The answer came to me three years after I bought that book. At the time, I was in college and reading 'Beyond Good and Evil.' Once again, I was matching each of Nietzsche's thoughts with one of my one, reaffirming my genius. At least, it seemed that way until I watched 'Batman Returns.' Of all things, Hollywood brought me to my senses. It happened while Batman was gearing up for the final conflict with the Penguin. Already, he'd shown himself to be outside of society's rules. He was a vigilante. He did what needed to be done, even if it went beyond good and evil. In other words, Batman was Nietzsche. Batman embodied the values of 'Beyond Good and Evil,' and by watching this movie, I was effectively taking an introductory course on the text. No wonder these ideas were familiar. I'd seen them when first I watched 'Batman Returns' as a twelve-year-old.

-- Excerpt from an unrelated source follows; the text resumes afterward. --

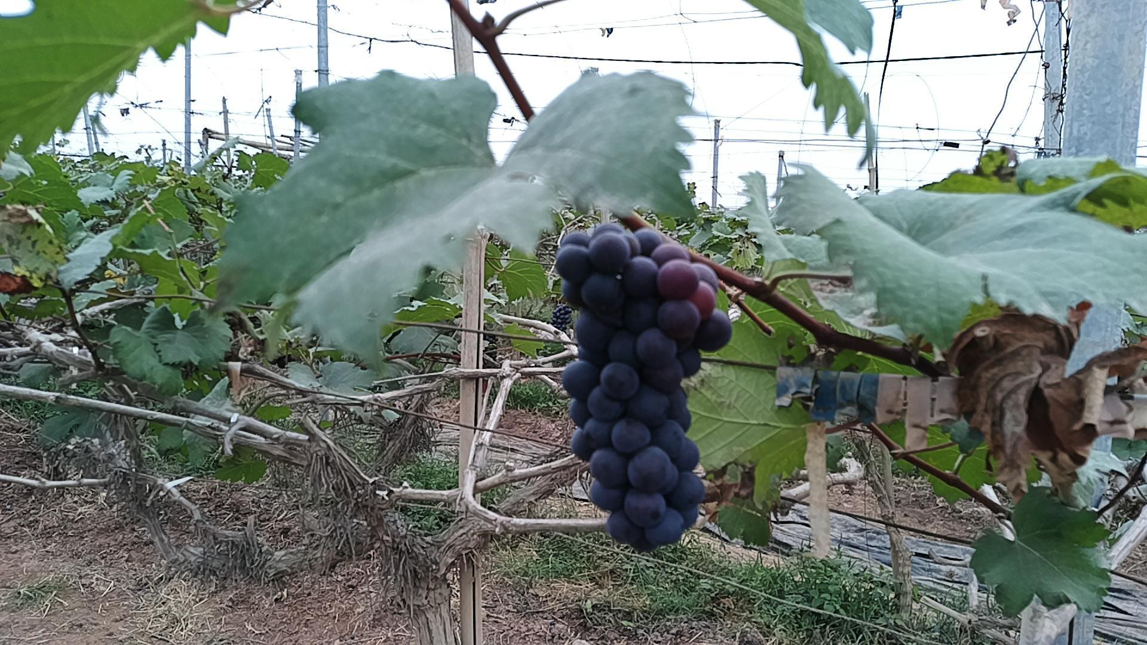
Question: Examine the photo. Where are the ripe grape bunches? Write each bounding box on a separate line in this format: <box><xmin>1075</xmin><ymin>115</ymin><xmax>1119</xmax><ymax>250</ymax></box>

After that, I saw this happening again and again. Rousseau was in 'Requiem for a Dream.' Maugham was in 'The X-Men.' Popular culture had integrated the ideas of Western philosophy, and as we consumed its media, we came to the same conclusions as its thinkers. In time, their philosophies appeared like common sense. So, when I read a history of Western thought, of course the ideas were familiar to me. I'd learned about Locke and Hobbes through 'Law and Order,' about Socrates through 'The Dead Poet's Society,' about Nietzsche through 'Batman.'

As you might expect, this shattered my self-image. It took months to pick up the pieces. So, I wasn't a genius, after all. I was just like the other students in school, memorizing texts and following rules. It just happened that my text was more subtle, my rules less explicit. When I looked at the remains of these personal philosophies, I saw history and media staring back at me. Only after I swept away most the debris did I find a few shards that were my own, that were truly original. These, I held close to myself. These, I cultivated and refashioned, developing metaphors and stories so that I could convey them to others.

When I actually shared these ideas with my friends, though, something strange happened. They weren't confused. They didn't get riled up and contrary. No, my friends simply nodded knowingly. They had made the same conclusions themselves; they just hadn't put them into words yet. It was no different from how I immediately understood the philosophies within 'Beyond Good and Evil.' I had been primed. My friends had been primed. Still, this didn't make sense to me. I was sharing my most original philosophies. These ideas weren't in books or movies. How then had so many people also come to these realizations?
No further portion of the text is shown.